● **Goal of the exercise**
Would you please repeat the data that follows, exactly as it reads?
Task data START
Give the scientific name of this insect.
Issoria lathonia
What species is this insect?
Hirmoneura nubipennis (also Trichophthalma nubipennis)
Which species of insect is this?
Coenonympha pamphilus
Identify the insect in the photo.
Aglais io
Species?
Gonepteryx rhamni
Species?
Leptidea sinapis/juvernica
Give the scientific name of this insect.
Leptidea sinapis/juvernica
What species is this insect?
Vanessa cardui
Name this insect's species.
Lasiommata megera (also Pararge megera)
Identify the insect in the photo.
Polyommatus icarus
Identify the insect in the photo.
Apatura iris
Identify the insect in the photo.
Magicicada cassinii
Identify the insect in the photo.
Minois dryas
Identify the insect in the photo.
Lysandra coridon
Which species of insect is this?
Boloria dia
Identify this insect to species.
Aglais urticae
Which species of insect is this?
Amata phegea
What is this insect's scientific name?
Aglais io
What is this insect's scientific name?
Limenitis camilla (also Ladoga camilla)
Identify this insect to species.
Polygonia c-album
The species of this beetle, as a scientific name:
Task data END
● **Output for this task**
Give the scientific name of this insect.
Issoria lathonia
What species is this insect?
Hirmoneura nubipennis (also Trichophthalma nubipennis)
Which species of insect is this?
Coenonympha pamphilus
Identify the insect in the photo.
Aglais io
Species?
Gonepteryx rhamni
Species?
Leptidea sinapis/juvernica
Give the scientific name of this insect.
Leptidea sinapis/juvernica
What species is this insect?
Vanessa cardui
Name this insect's species.
Lasiommata megera (also Pararge megera)
Identify the insect in the photo.
Polyommatus icarus
Identify the insect in the photo.
Apatura iris
Identify the insect in the photo.
Magicicada cassinii
Identify the insect in the photo.
Minois dryas
Identify the insect in the photo.
Lysandra coridon
Which species of insect is this?
Boloria dia
Identify this insect to species.
Aglais urticae
Which species of insect is this?
Amata phegea
What is this insect's scientific name?
Aglais io
What is this insect's scientific name?
Limenitis camilla (also Ladoga camilla)
Identify this insect to species.
Polygonia c-album
The species of this beetle, as a scientific name:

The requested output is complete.